女性 40代 会社員
症状:腰痛
現病歴
慢性的にずっと腰に違和感があったが、ここ2ヶ月ほど仕事が忙しく座っている時間が長くなったためか、椅子から立つ時に痛みがでるようになった。痛みは徐々に強くなっており寝ている体勢から起きる時も痛みが出ることがある。朝、顔を洗う際も少し屈むだけでも違和感が出ることもある。臀部や足にかけての痺れはない。
仕事が忙しく病院には行っていないが、家にあった湿布を貼り誤魔化している状態。2週間後に出張があるため、それまでにある程度治しておかないと新幹線から降りれなくなりそうだと心配されて来院された。
鑑別診断
前屈での可動域制限があり痛みはでるものの、後屈は痛みはない。臀部や足に痺れがないことから、筋・筋膜性の腰痛を疑う。座っている時間が長くなったことにより姿勢が悪くなってしまい、腰背部に負担がかかっている状態。首や肩の硬さも顕著。全体的に筋肉緊張を取りつつ、腰や股関節の動きを改善させる。
腰椎椎間板ヘルニア、脊柱管狭窄症、仙腸関節に関する検査は全て陰性。
治療法
首や肩の阿是穴に単刺をし、その後、上大椎(かみだいつい)、膏肓(こうこう)、神道(しんどう)に刺鍼。ストレスなどの反応が出やすい膏肓に置鍼をした。腰は腰方形筋などの硬さが強かったため筋肉の付着部などを緩めた。腰痛において股関節周りや臀部のアプローチも重要であるため、股関節周りや中殿筋にも刺鍼を。硬結のある環跳(かんちょう)に置鍼した。

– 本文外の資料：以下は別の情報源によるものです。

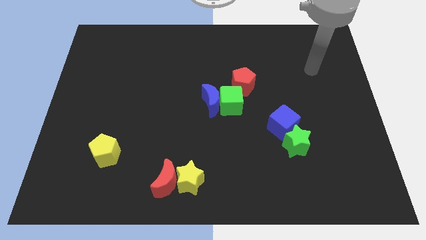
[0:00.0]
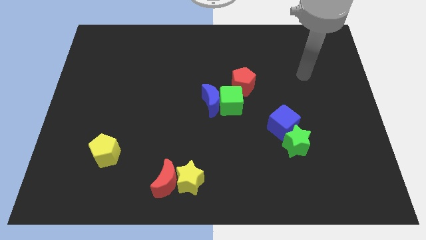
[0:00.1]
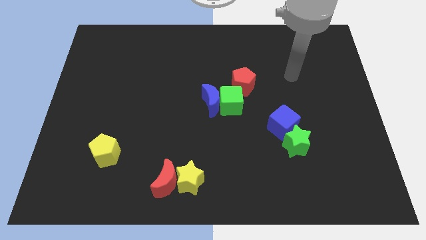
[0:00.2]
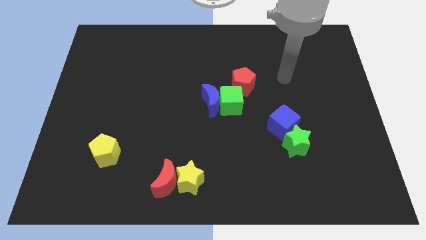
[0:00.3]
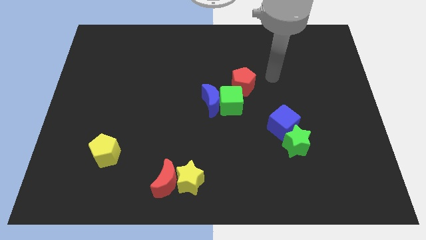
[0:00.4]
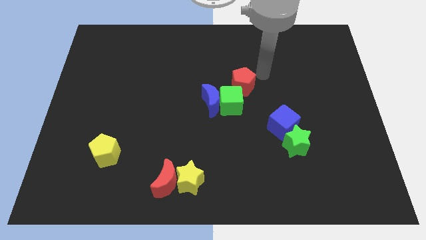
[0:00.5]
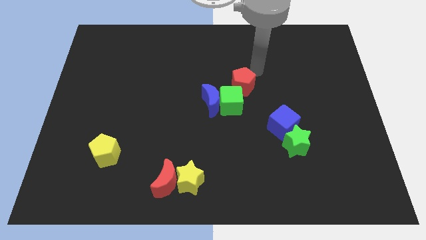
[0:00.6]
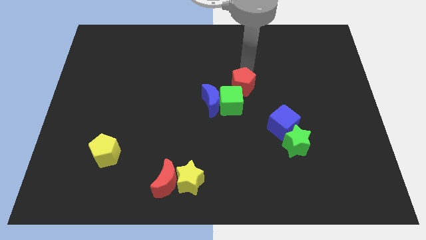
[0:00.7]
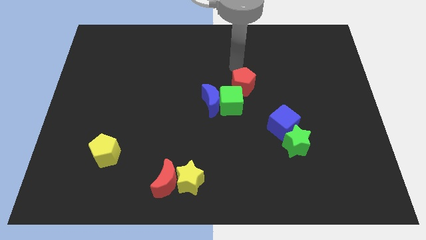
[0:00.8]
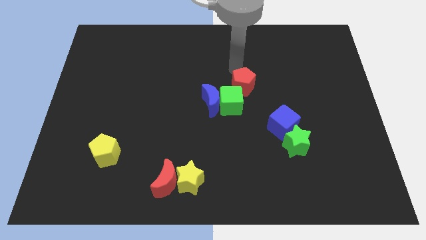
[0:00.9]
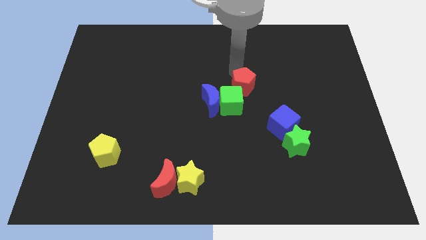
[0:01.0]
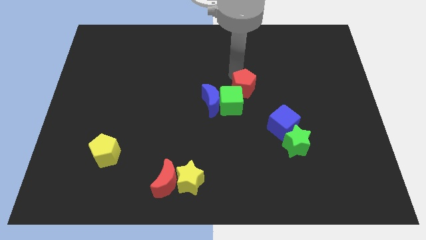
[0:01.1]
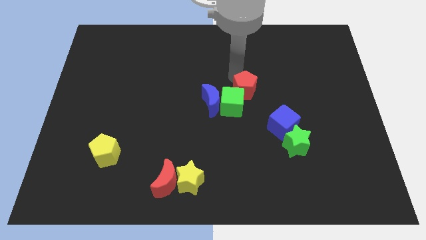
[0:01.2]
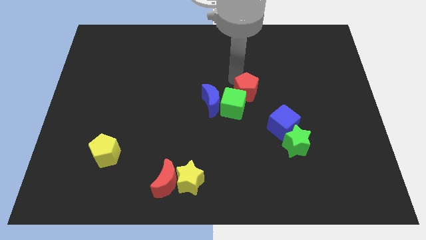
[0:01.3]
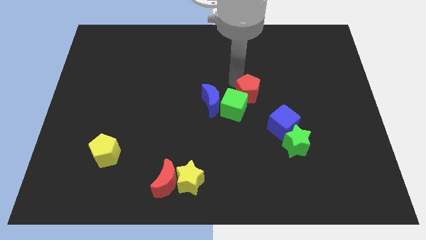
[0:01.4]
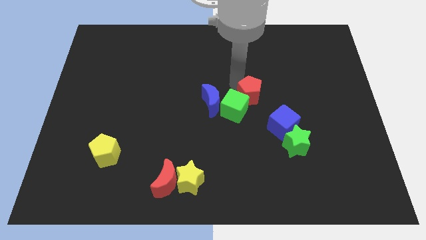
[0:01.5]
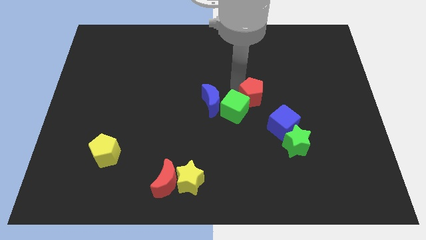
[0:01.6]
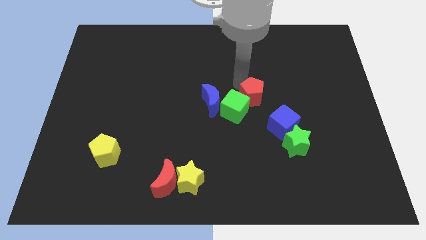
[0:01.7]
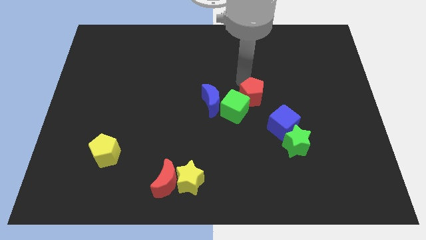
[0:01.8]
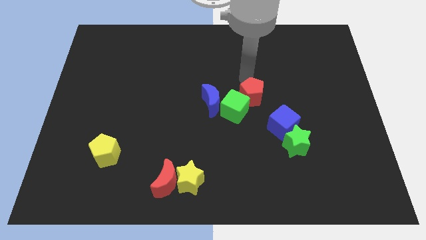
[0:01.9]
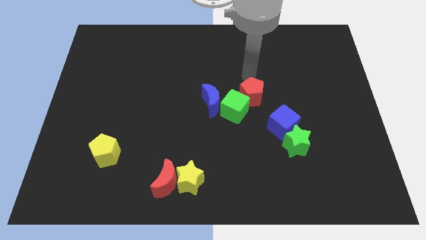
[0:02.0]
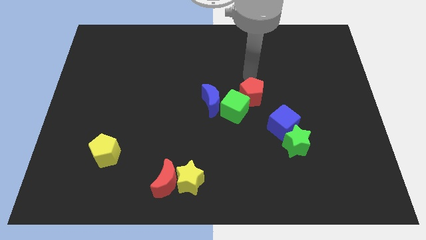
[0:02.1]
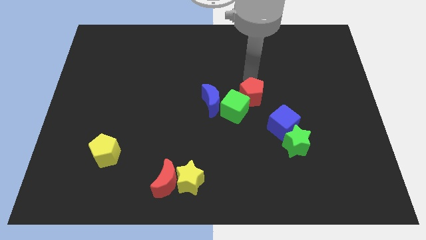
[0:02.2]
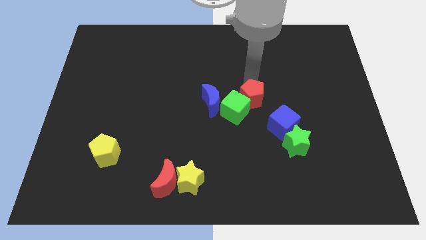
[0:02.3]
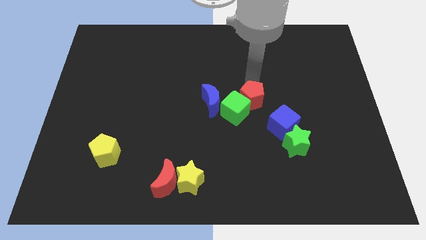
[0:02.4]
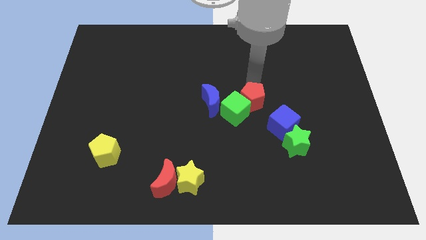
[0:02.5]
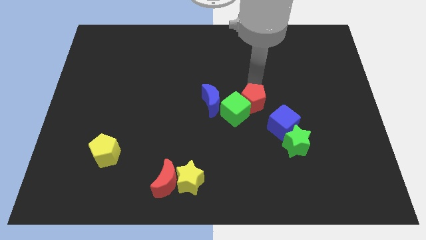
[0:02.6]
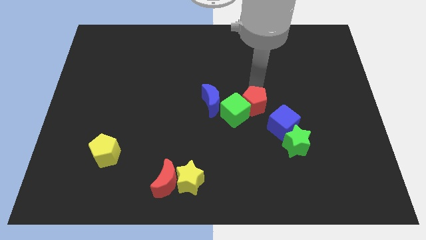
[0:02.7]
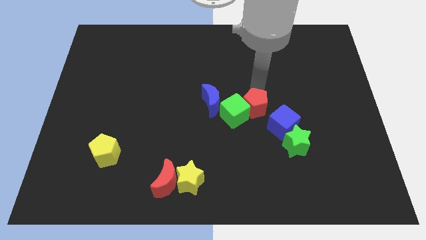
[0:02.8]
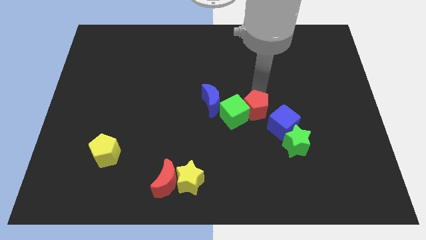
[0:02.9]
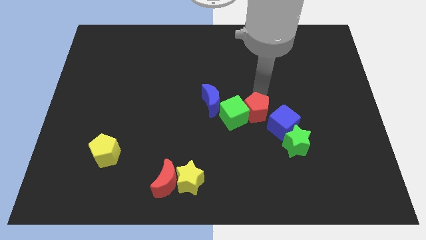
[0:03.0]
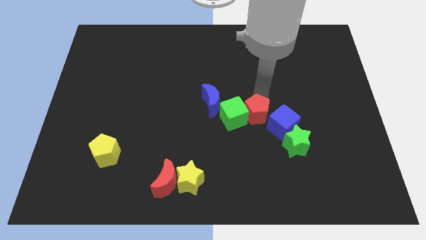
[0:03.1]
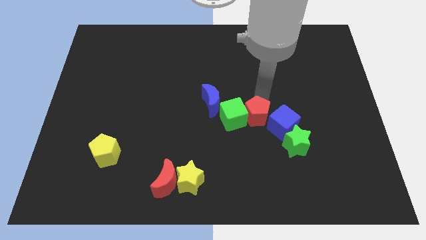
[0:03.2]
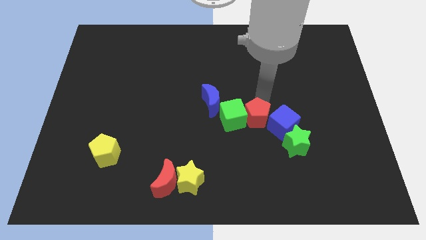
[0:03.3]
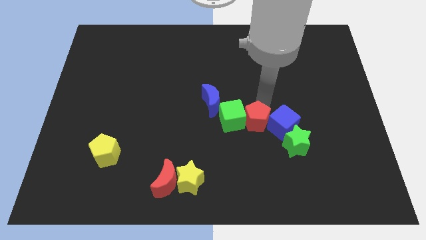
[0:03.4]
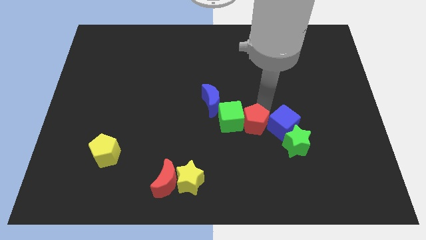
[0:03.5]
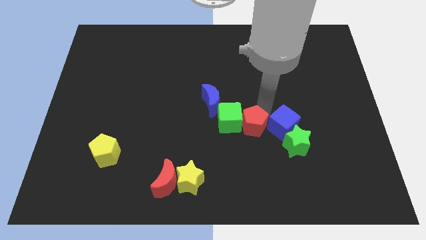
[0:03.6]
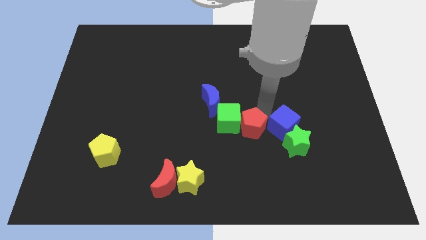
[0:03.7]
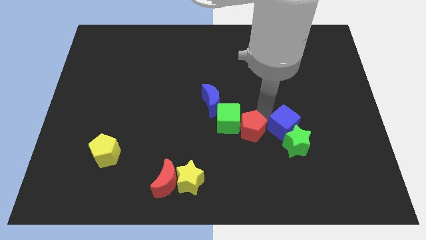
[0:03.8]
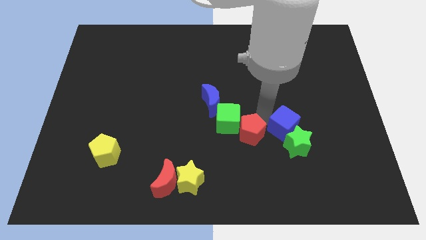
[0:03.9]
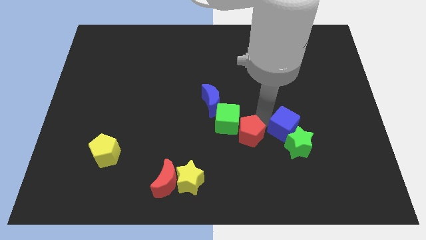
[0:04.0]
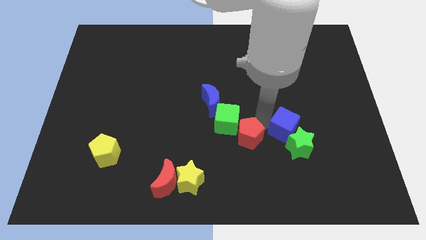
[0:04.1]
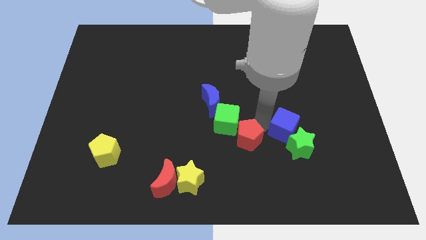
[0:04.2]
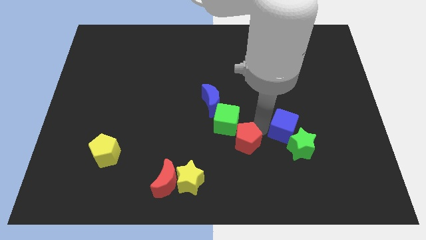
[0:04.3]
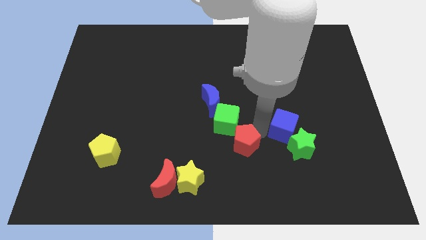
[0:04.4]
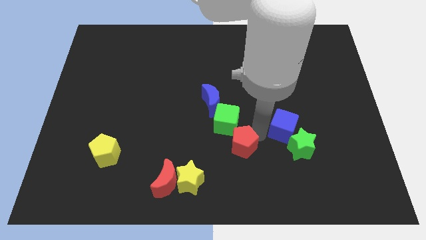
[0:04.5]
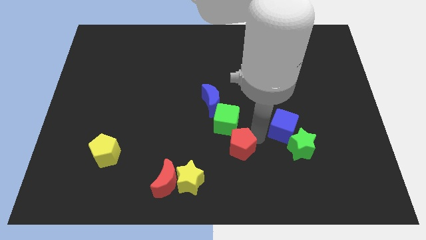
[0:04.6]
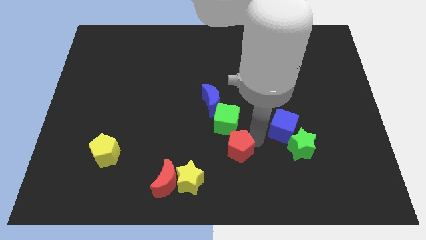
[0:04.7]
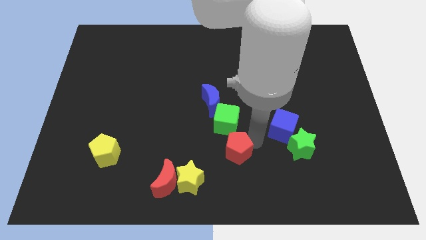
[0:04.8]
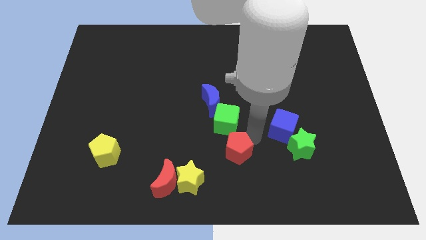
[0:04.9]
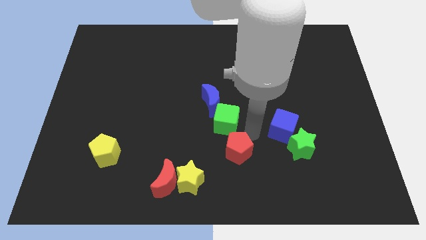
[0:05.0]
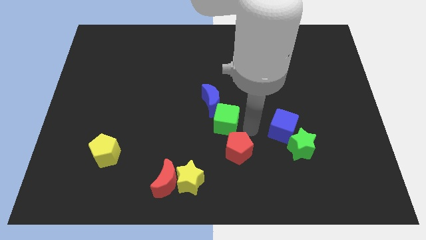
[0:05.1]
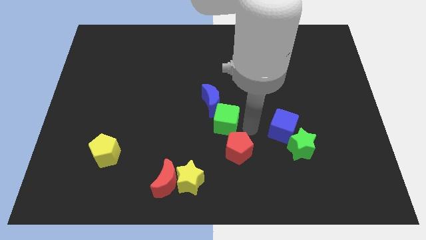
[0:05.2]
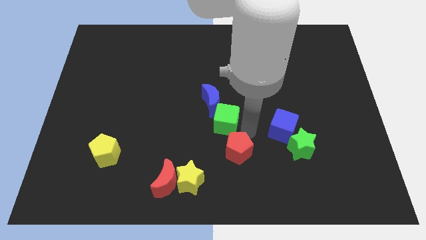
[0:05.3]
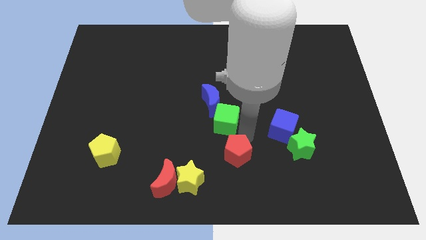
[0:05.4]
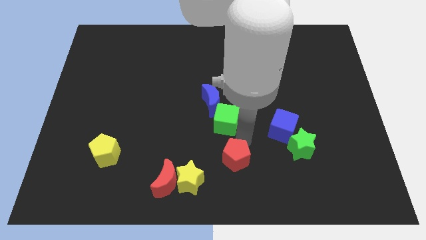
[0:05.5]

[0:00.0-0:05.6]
move the red pentagon to the bottom

仕事柄、座っている姿勢が多いことから、お腹が縮こまり内臓などを圧迫していると考え、腹部もマッサージと気になる部位に単刺をした。最後に臀部、大腿部のストレッチを行い、下肢全体の血流を良くし施術終了。
出張前に3回来院され、3回目の治療終了後には起きる時や屈む時などの痛みは消失。長時間座っているとたまに違和感はでるが、すっと立てるようになった。
出張に行く日の朝に中殿筋と大腿部の筋肉を伸ばしてから動くこと、新幹線内では腰が丸まらないように腰の部分にペットボトルか丸めたタオルを入れて座ることを勧めた。